Before, Nomad executions often got stopped because the runner was deleted. With the previous commit, we cover the exception to this behaviour by stopping the execution Poseidon-side. These different approaches lead to different context error messages. In this commit, we move the check of the passed timeout, to respond with the corresponding client message again.
2023-06-26 19:01:54 +01:00
parent bfb5977d24
commit b3fedf274c
2 changed files with 18 additions and 6 deletions
--- a/internal/runner/nomad_runner.go
+++ b/internal/runner/nomad_runner.go
@ -268,9 +268,6 @@ func (r *NomadJob) executeCommand(ctx context.Context, command string, privilege
 	stdin io.ReadWriter, stdout, stderr io.Writer, exit chan<- ExitInfo,
 ) {
 	exitCode, err := r.api.ExecuteCommand(r.id, ctx, command, true, privilegedExecution, stdin, stdout, stderr)
-	if err == nil && r.TimeoutPassed() {
-		err = ErrorRunnerInactivityTimeout
-	}
 	exit <- ExitInfo{uint8(exitCode), err}
 }

@ -282,20 +279,30 @@ func (r *NomadJob) handleExitOrContextDone(ctx context.Context, cancelExecute co

 	select {
 	case exitInfo := <-exitInternal:
+		// - The execution ended in time or
+		// - the HTTP request of the client/CodeOcean got canceled.
 		exit <- exitInfo
 		return
 	case <-ctx.Done():
+		// - The execution timeout was exceeded,
+		// - the runner was destroyed (runner timeout, or API delete request), or
+		// - the WebSocket connection to the client/CodeOcean closed.
+	}
+
+	err := ctx.Err()
+	if r.TimeoutPassed() {
+		err = ErrorRunnerInactivityTimeout
 	}

 	// From this time on the WebSocket connection to the client is closed in /internal/api/websocket.go
 	// waitForExit.

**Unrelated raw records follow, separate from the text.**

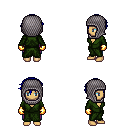
a pixel art fantasy rpg character, female body template, human, tanned skin, green robe, magenta pants, blue short bangs hairstyle, chain hood, gold gloves, four views (front, back, left, right), 2x2 character sprite sheet, small pixel art, hard edges, no anti-aliasing
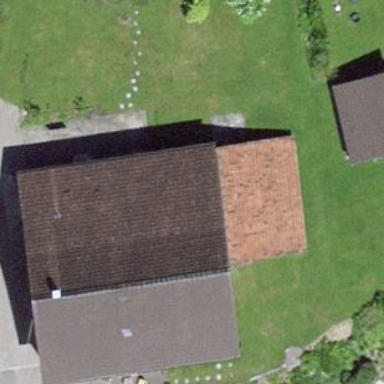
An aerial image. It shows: House with gabled roof. The roof extends across the building.
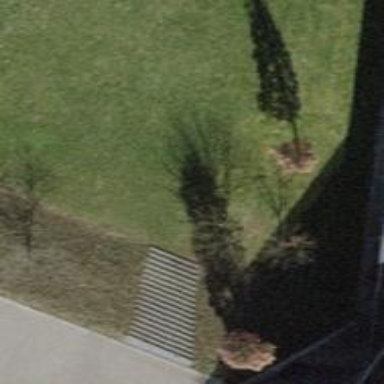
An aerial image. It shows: Road with steps.
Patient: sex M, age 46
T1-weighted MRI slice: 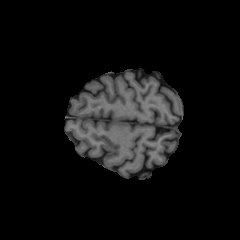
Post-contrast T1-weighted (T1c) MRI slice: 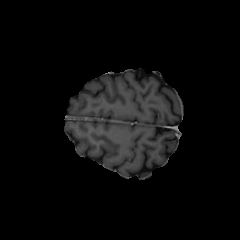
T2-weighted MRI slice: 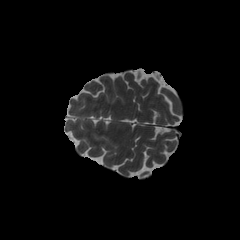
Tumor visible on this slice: no
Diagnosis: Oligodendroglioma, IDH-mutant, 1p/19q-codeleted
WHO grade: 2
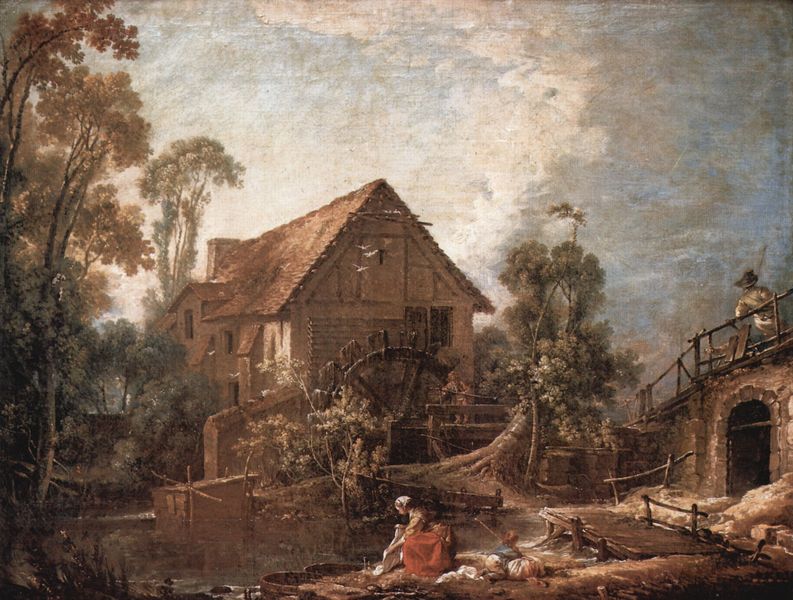
Titel: Die Mühle
Künstler: François Boucher
Standort: Paris
Institution: Musée du Louvre
Schlagwörter: baum, blau, blätter, gemälde, himmel, laub, mann, umhang, wasser, weiß, wolken, bäume, fluss, grün, landschaft, mädchen, ocker, see, teich, ufer, wäsche, bewegung, braun, dunkelbraun, fenster, frau, grau, holz, hut, rücken, strasse, ölbild, dach, gebäude, gras, haus, rot, tuch, weg, wolke, zaun, beige, arm, stein, steine, holland, ast, bach, birke, birken, gräser, mühle, natur, schilf, stamm, vögel, brücke, busch, büsche, gatter, gebüsch, gewässer, pfad, sträucher, haare, realismus, kind, blatt, wald, alltag, arbeit, boot, boote, genre, kahn, kamin, müller, stock, weiher, hellblau, magd, wellen, ruhe, bogen, stab, bäuerin, ernte, nachmittag, giebel, mauer, tag, idylle, kähne, rad, rundbogen, stille, romantik, steg, kopftuch, zopf, detail, durchgang, geländer, stimmung, junge, gehrock, bauer, tor, waschen, eingang, scheune, wasserlauf, idyll, tauben, knien, hausfrau, niederländisch, buchen, kiefer, wanderer, laubbäume, ziegeldach, bachlauf, fachwerk, fachwerkhaus, trog, gaube, bottich, tur, wipfel, armut, baumstumpf, reuse, bauten, holzbalken, mühlrad, wasserrad, holzgeländer, gebälk, olivgrün, dachpfannen, schleuse, wassermühle, begrenzung, bottiche, wäscherin, tröge, lancret, entwurzelt, mühlbach, schaufelrad, moulin, müllerin, salt, coelinblau, troy, weg wurzel, reismühle
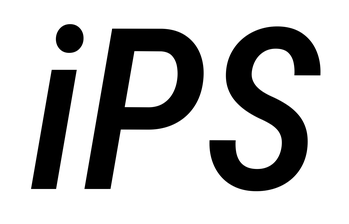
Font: Roboto-Italic_Condensed_Medium_Italic
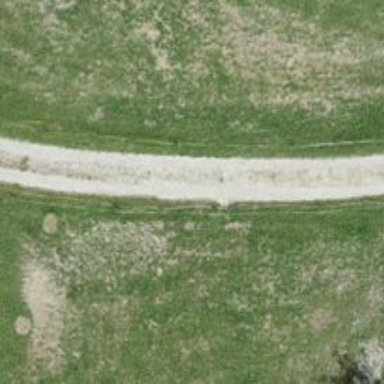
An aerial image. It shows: Track road with grade3 tracktype.
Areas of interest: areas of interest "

Input can still be sent to the executor.
-	exit <- ExitInfo{255, ctx.Err()}
+	exit <- ExitInfo{255, err}

 	// This injects the SIGQUIT character into the stdin. This character is parsed by the tty line discipline
 	// (tty has to be true) and converted to a SIGQUIT signal sent to the foreground process attached to the tty.
 	// By default, SIGQUIT causes the process to terminate and produces a core dump. Processes can catch this signal
 	// and ignore it, which is why we destroy the runner if the process does not terminate after a grace period.
-	_, err := stdin.Write([]byte{SIGQUIT})
+	_, err = stdin.Write([]byte{SIGQUIT})
 	// if n != 1 {
 	// The SIGQUIT is sent and correctly processed by the allocation.  However, for an unknown
 	// reason, the number of bytes written is always zero even though the error is nil.